● Assigned task: Using the data beneath, show every line that includes the word "Shrubland".

● Data excerpts:
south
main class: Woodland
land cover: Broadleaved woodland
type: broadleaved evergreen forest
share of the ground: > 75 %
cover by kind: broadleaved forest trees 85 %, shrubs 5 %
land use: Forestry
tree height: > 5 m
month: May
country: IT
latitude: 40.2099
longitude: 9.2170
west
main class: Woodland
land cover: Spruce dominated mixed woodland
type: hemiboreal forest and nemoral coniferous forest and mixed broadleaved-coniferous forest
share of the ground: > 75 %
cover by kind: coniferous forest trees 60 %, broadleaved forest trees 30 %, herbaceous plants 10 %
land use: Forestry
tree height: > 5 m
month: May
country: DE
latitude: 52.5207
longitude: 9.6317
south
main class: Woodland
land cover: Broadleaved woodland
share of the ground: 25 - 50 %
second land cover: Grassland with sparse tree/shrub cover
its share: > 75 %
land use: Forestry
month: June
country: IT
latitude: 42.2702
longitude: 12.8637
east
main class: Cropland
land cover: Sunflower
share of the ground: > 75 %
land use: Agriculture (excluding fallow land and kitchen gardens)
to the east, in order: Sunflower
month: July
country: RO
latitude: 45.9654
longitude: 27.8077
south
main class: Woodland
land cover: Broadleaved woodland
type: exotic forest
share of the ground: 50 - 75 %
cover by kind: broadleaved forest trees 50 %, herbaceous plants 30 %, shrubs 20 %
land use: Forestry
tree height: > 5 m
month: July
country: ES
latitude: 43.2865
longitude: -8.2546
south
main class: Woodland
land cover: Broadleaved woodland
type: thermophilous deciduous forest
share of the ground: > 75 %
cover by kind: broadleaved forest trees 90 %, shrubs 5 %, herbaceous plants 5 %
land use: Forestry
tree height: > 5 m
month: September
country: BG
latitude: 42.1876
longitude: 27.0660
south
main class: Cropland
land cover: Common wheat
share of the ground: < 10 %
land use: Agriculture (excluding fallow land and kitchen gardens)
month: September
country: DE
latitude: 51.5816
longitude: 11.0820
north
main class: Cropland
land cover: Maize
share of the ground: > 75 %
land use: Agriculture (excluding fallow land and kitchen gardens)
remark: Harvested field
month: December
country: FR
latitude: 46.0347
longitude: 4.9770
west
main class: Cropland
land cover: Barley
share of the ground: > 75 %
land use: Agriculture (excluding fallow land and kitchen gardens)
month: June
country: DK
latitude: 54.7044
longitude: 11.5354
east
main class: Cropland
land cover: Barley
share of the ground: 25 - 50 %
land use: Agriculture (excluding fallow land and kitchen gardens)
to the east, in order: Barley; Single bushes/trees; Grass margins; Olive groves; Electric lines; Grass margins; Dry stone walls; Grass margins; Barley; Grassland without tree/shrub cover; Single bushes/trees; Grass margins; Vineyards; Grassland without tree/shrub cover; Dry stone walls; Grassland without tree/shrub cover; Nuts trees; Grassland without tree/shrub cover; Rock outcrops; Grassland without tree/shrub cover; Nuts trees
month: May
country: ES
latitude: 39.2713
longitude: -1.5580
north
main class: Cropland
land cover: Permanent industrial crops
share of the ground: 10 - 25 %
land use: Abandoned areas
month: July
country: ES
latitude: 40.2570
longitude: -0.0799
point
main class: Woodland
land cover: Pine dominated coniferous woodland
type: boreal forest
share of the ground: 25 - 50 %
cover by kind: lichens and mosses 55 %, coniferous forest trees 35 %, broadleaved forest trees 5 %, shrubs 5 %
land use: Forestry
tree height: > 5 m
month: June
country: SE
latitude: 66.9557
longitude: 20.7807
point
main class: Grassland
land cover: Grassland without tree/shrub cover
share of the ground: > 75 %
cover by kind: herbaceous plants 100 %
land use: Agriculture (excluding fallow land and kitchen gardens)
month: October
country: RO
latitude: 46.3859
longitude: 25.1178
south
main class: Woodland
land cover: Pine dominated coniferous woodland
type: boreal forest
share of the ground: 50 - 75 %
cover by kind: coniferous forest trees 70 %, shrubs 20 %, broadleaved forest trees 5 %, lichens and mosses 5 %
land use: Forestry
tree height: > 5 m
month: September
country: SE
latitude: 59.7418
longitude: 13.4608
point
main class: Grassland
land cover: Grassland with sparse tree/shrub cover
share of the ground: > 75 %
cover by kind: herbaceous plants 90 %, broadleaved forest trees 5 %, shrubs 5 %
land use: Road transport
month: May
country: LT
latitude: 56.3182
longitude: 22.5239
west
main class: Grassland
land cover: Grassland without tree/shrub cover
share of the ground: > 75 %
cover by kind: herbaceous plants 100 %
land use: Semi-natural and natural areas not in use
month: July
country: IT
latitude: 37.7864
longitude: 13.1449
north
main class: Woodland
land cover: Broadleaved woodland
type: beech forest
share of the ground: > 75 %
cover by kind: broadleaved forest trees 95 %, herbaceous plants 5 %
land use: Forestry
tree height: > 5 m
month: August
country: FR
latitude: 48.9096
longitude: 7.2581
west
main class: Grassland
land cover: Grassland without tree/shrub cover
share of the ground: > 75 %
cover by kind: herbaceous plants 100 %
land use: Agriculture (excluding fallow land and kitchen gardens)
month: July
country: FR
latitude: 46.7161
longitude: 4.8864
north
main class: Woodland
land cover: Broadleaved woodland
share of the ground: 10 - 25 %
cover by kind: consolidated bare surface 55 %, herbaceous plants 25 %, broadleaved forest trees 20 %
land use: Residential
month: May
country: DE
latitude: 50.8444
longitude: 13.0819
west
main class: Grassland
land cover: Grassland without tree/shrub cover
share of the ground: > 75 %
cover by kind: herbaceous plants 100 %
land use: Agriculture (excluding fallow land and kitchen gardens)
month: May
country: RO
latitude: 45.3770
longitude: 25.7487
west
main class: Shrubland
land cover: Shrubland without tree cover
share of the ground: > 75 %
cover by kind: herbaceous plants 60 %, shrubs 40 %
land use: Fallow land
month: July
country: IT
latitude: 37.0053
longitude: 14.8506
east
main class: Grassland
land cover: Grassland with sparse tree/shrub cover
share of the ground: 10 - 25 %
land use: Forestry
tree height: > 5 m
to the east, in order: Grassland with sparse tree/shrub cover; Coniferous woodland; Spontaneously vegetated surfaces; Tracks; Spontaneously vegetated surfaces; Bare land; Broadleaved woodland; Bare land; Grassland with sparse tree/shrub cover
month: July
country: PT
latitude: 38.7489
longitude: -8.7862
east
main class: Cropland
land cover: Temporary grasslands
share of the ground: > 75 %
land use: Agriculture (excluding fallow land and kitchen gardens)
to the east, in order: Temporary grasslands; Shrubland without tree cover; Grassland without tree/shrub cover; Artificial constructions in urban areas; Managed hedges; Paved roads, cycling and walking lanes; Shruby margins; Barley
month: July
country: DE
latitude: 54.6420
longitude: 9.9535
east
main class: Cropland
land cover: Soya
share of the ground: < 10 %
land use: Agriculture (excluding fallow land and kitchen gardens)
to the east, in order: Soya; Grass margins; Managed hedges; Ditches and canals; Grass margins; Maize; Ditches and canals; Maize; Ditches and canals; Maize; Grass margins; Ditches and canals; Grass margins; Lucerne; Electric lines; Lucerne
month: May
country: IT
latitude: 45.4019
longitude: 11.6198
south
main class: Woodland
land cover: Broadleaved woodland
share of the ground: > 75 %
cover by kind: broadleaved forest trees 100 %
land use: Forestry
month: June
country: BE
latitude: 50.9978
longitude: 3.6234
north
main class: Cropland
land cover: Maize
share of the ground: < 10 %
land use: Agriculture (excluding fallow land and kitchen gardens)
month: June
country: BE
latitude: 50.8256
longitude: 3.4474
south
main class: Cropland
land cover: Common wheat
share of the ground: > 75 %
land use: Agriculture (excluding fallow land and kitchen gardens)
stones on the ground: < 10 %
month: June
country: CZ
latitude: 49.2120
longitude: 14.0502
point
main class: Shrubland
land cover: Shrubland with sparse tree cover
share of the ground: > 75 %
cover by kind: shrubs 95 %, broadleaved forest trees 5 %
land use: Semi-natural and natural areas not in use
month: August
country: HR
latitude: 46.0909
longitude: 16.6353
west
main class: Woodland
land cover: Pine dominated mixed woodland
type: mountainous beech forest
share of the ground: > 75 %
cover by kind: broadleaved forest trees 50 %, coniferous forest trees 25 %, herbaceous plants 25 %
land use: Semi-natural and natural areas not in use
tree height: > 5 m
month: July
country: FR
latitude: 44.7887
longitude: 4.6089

● Written solution:
main class: Shrubland
land cover: Shrubland without tree cover
to the east, in order: Temporary grasslands; Shrubland without tree cover; Grassland without tree/shrub cover; Artificial constructions in urban areas; Managed hedges; Paved roads, cycling and walking lanes; Shruby margins; Barley
main class: Shrubland
land cover: Shrubland with sparse tree cover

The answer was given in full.